Work item: I would like you to output every record below exactly, apart from the pictures.

Dataset records
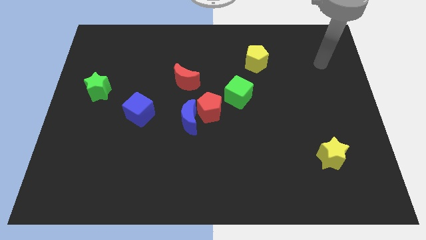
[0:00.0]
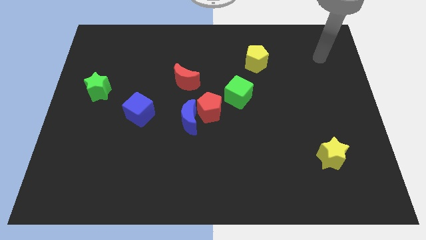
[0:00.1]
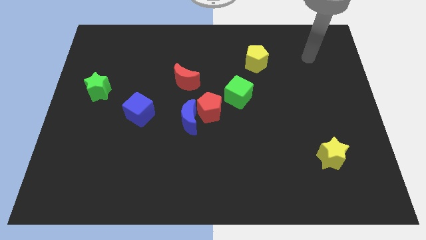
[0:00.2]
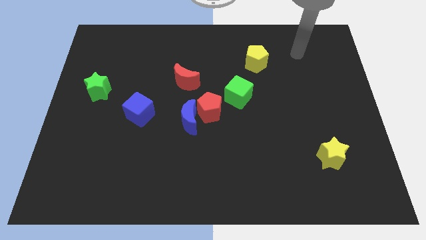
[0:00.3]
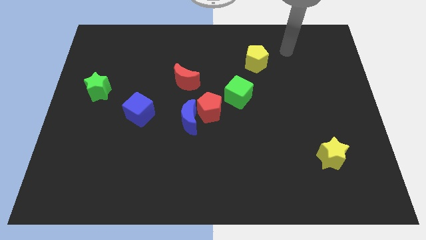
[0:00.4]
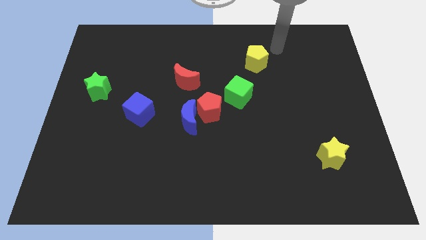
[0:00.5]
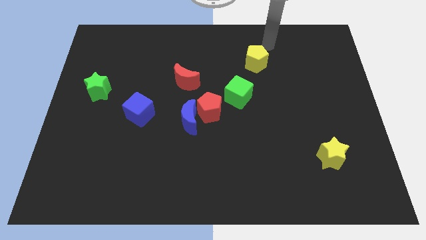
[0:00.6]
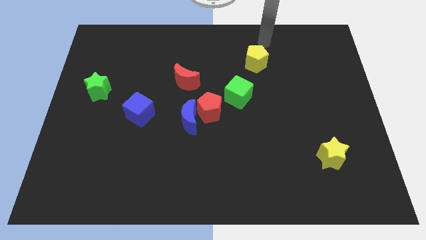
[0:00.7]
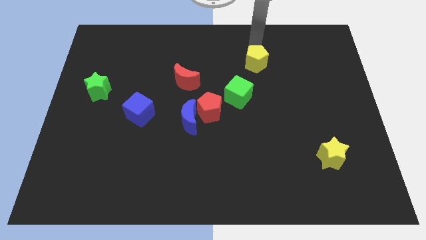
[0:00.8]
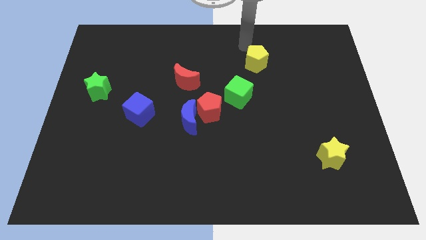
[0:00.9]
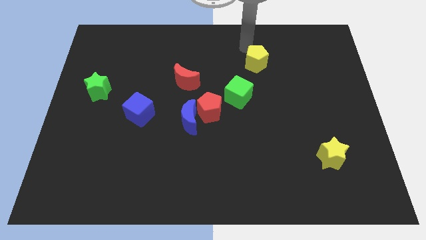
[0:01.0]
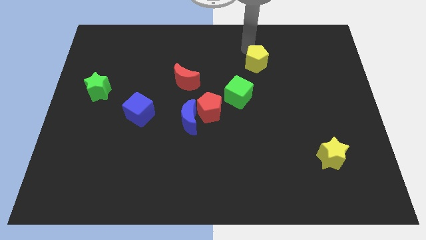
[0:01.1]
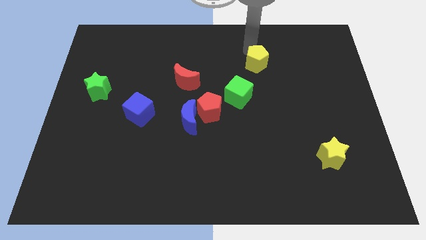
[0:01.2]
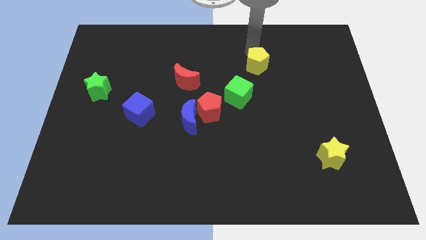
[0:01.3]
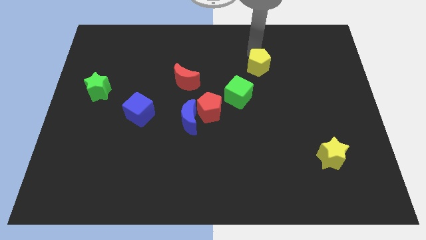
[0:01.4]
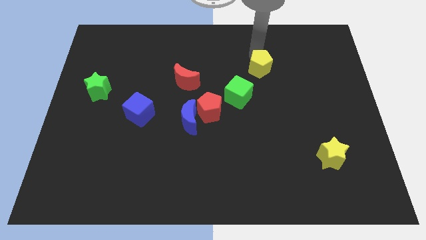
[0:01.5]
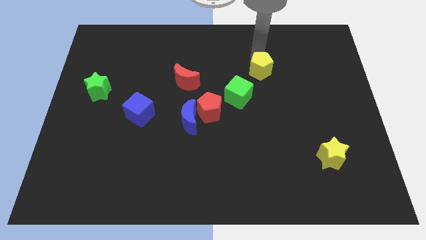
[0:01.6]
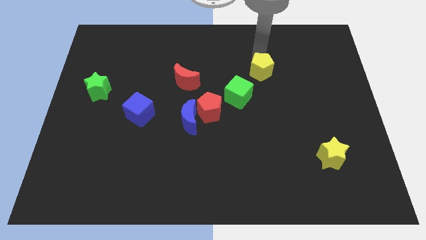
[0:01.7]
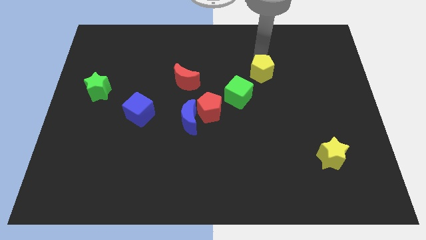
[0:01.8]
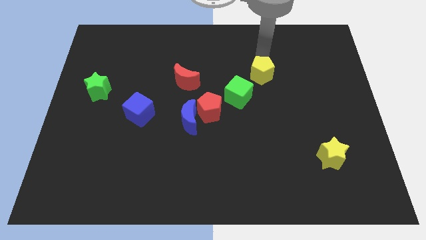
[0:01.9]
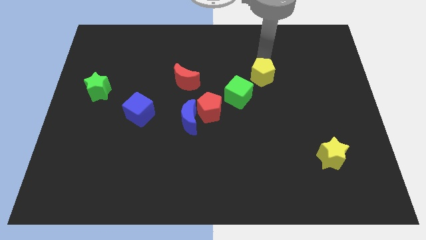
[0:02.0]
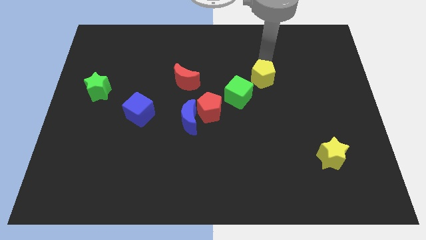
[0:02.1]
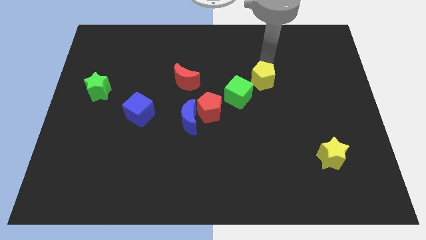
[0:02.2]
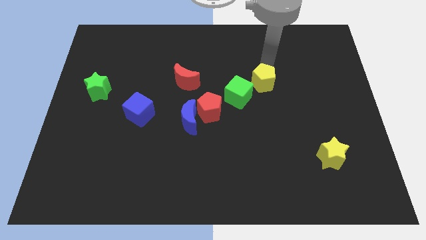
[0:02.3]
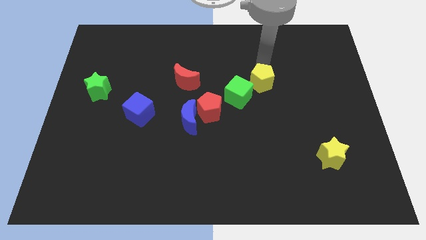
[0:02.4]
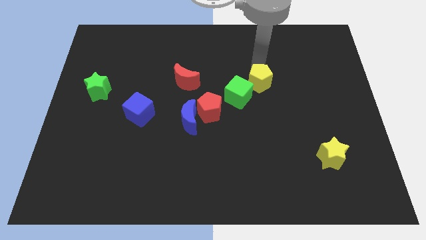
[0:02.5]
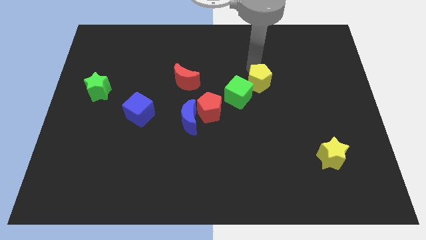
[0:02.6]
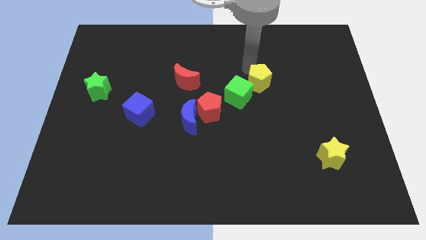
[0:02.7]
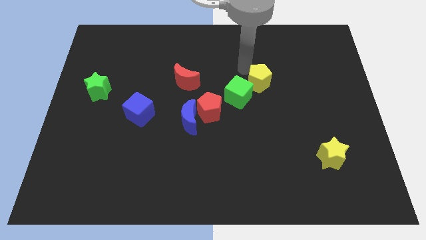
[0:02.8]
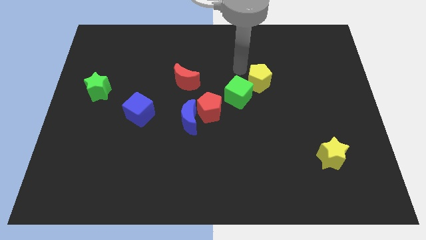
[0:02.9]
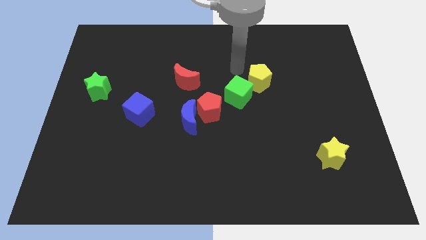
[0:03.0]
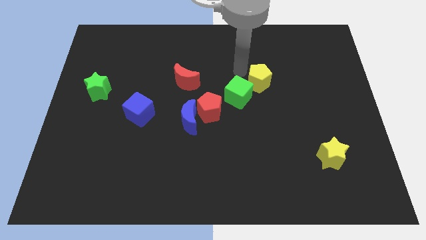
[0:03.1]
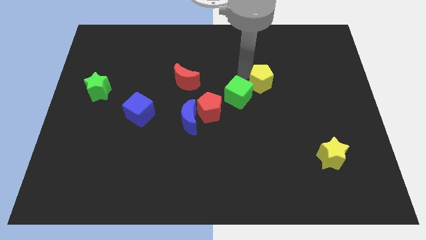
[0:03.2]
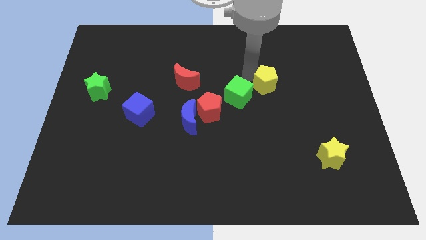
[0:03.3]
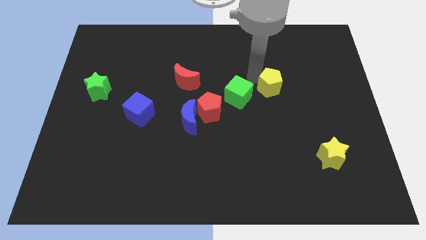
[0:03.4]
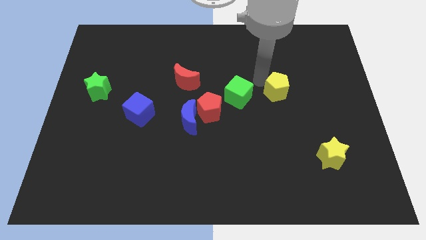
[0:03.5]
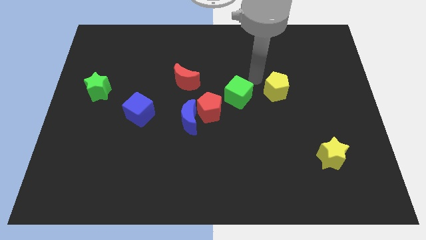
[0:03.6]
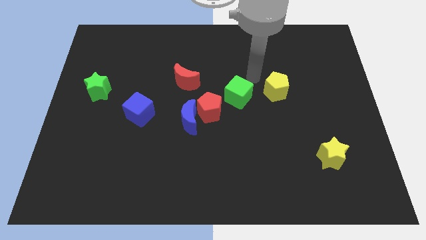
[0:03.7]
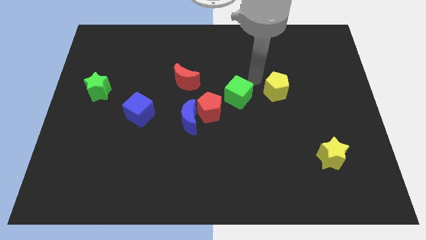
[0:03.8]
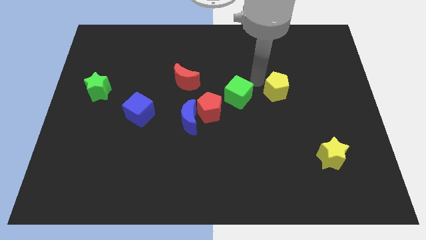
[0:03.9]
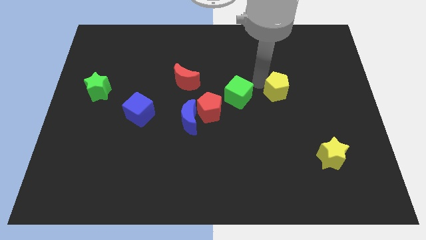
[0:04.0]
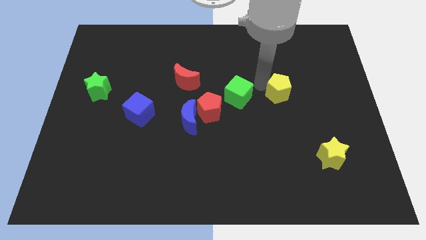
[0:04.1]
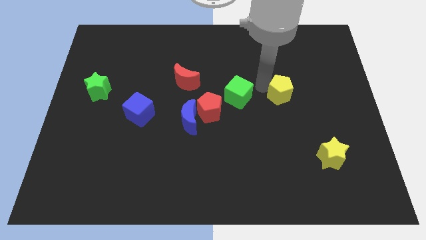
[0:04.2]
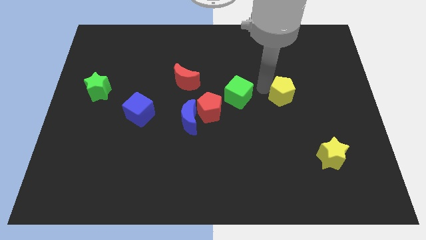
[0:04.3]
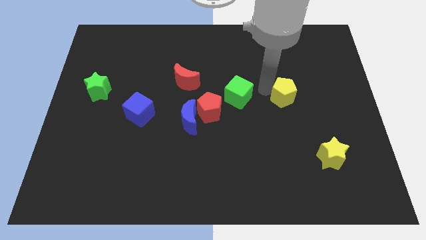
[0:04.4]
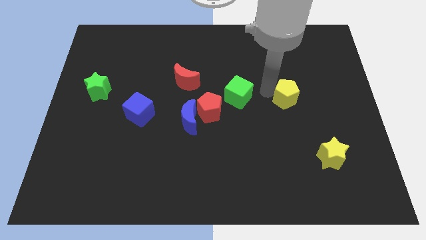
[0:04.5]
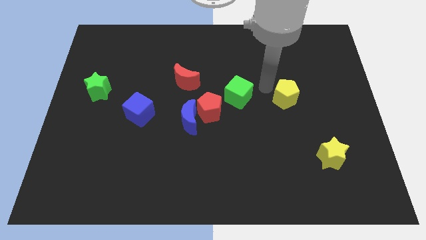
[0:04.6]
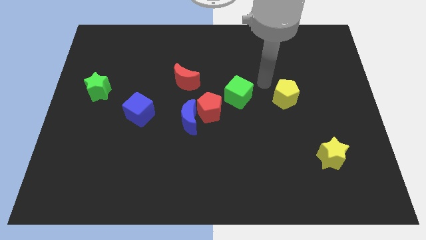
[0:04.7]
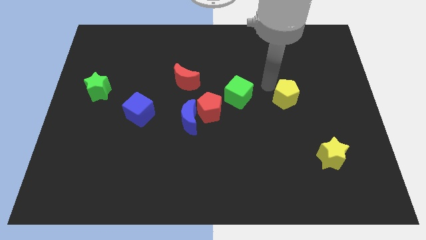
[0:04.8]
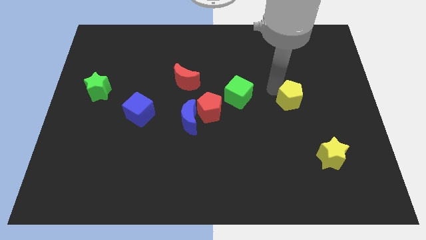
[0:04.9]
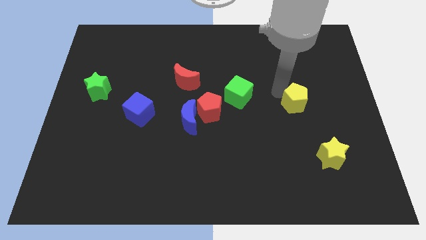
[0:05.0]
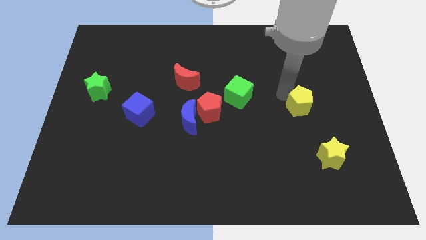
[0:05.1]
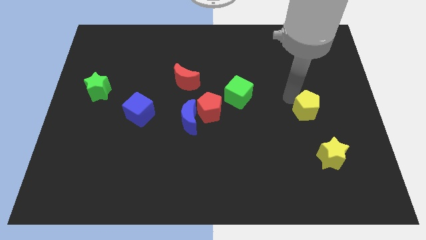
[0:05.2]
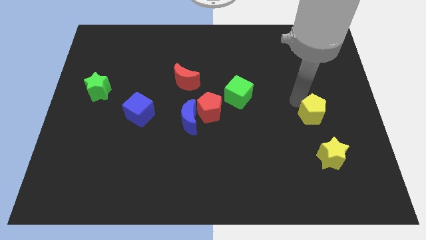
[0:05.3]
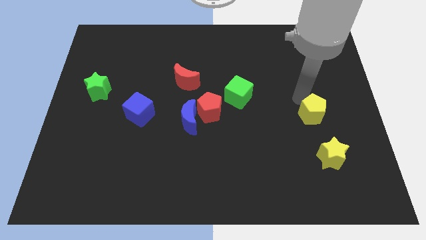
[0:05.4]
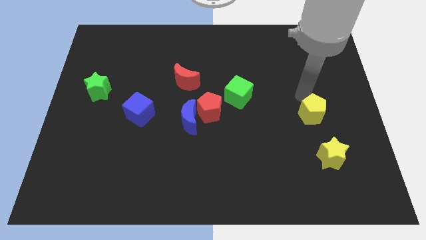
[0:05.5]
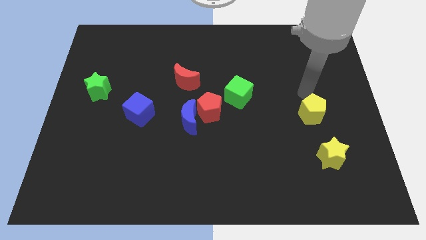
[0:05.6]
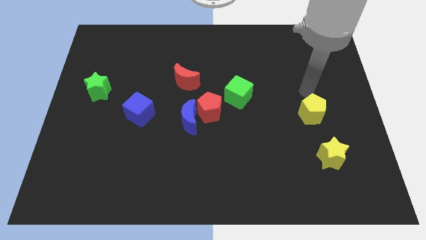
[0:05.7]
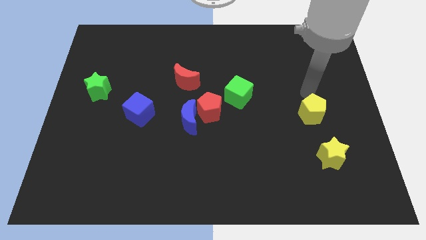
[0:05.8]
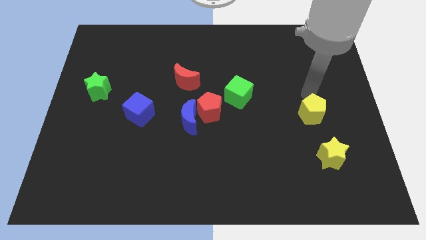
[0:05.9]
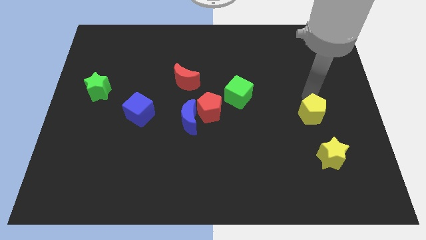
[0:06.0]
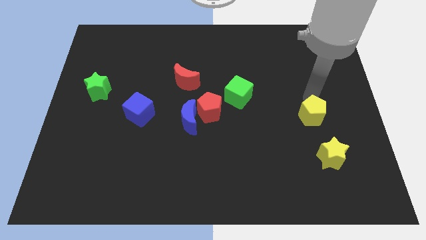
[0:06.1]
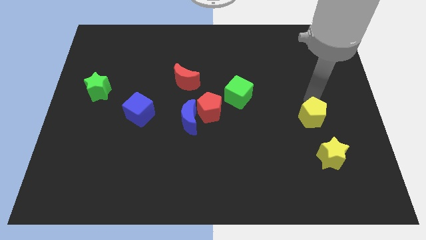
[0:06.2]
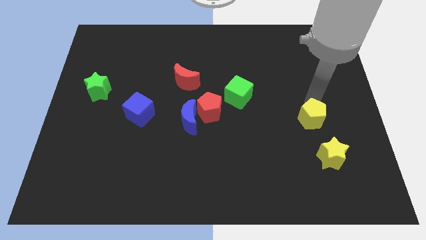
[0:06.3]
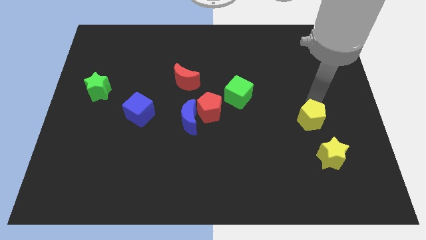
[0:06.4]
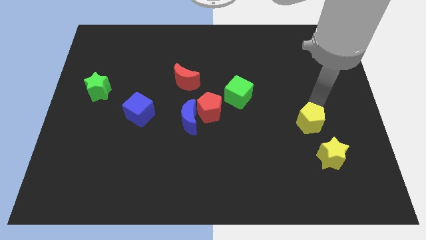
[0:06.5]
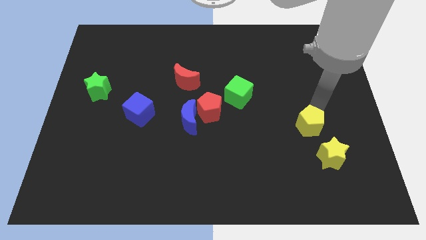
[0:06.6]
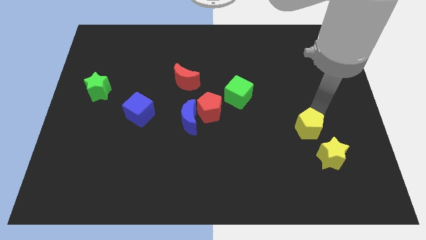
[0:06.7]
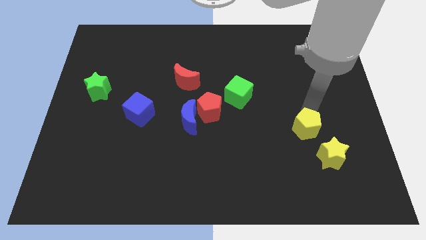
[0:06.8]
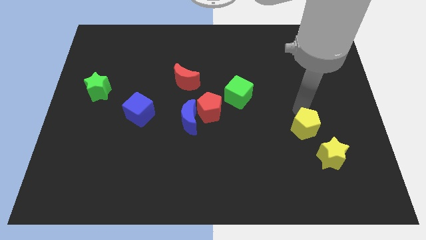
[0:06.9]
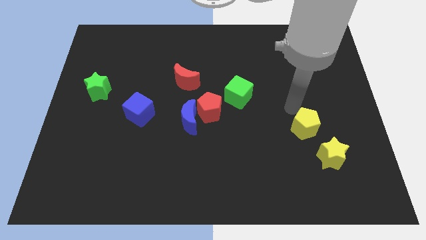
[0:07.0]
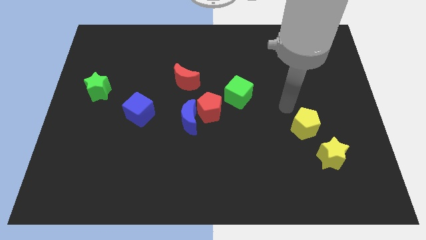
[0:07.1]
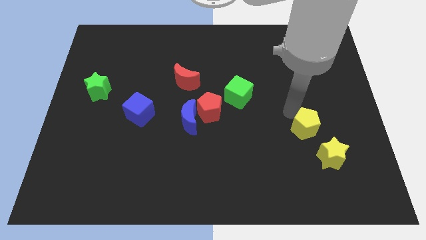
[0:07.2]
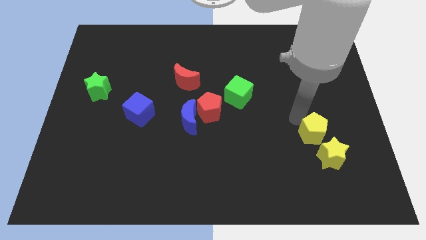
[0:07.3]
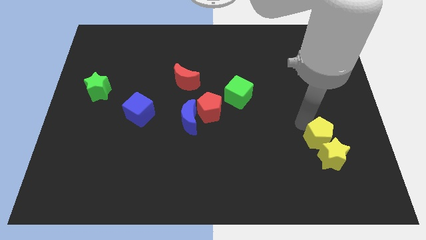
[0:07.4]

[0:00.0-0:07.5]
move the yellow pentagon next to the yellow star

Solution to this exercise:
[0:00.0]
[0:00.1]
[0:00.2]
[0:00.3]
[0:00.4]
[0:00.5]
[0:00.6]
[0:00.7]
[0:00.8]
[0:00.9]
[0:01.0]
[0:01.1]
[0:01.2]
[0:01.3]
[0:01.4]
[0:01.5]
[0:01.6]
[0:01.7]
[0:01.8]
[0:01.9]
[0:02.0]
[0:02.1]
[0:02.2]
[0:02.3]
[0:02.4]
[0:02.5]
[0:02.6]
[0:02.7]
[0:02.8]
[0:02.9]
[0:03.0]
[0:03.1]
[0:03.2]
[0:03.3]
[0:03.4]
[0:03.5]
[0:03.6]
[0:03.7]
[0:03.8]
[0:03.9]
[0:04.0]
[0:04.1]
[0:04.2]
[0:04.3]
[0:04.4]
[0:04.5]
[0:04.6]
[0:04.7]
[0:04.8]
[0:04.9]
[0:05.0]
[0:05.1]
[0:05.2]
[0:05.3]
[0:05.4]
[0:05.5]
[0:05.6]
[0:05.7]
[0:05.8]
[0:05.9]
[0:06.0]
[0:06.1]
[0:06.2]
[0:06.3]
[0:06.4]
[0:06.5]
[0:06.6]
[0:06.7]
[0:06.8]
[0:06.9]
[0:07.0]
[0:07.1]
[0:07.2]
[0:07.3]
[0:07.4]

[0:00.0-0:07.5]
move the yellow pentagon next to the yellow star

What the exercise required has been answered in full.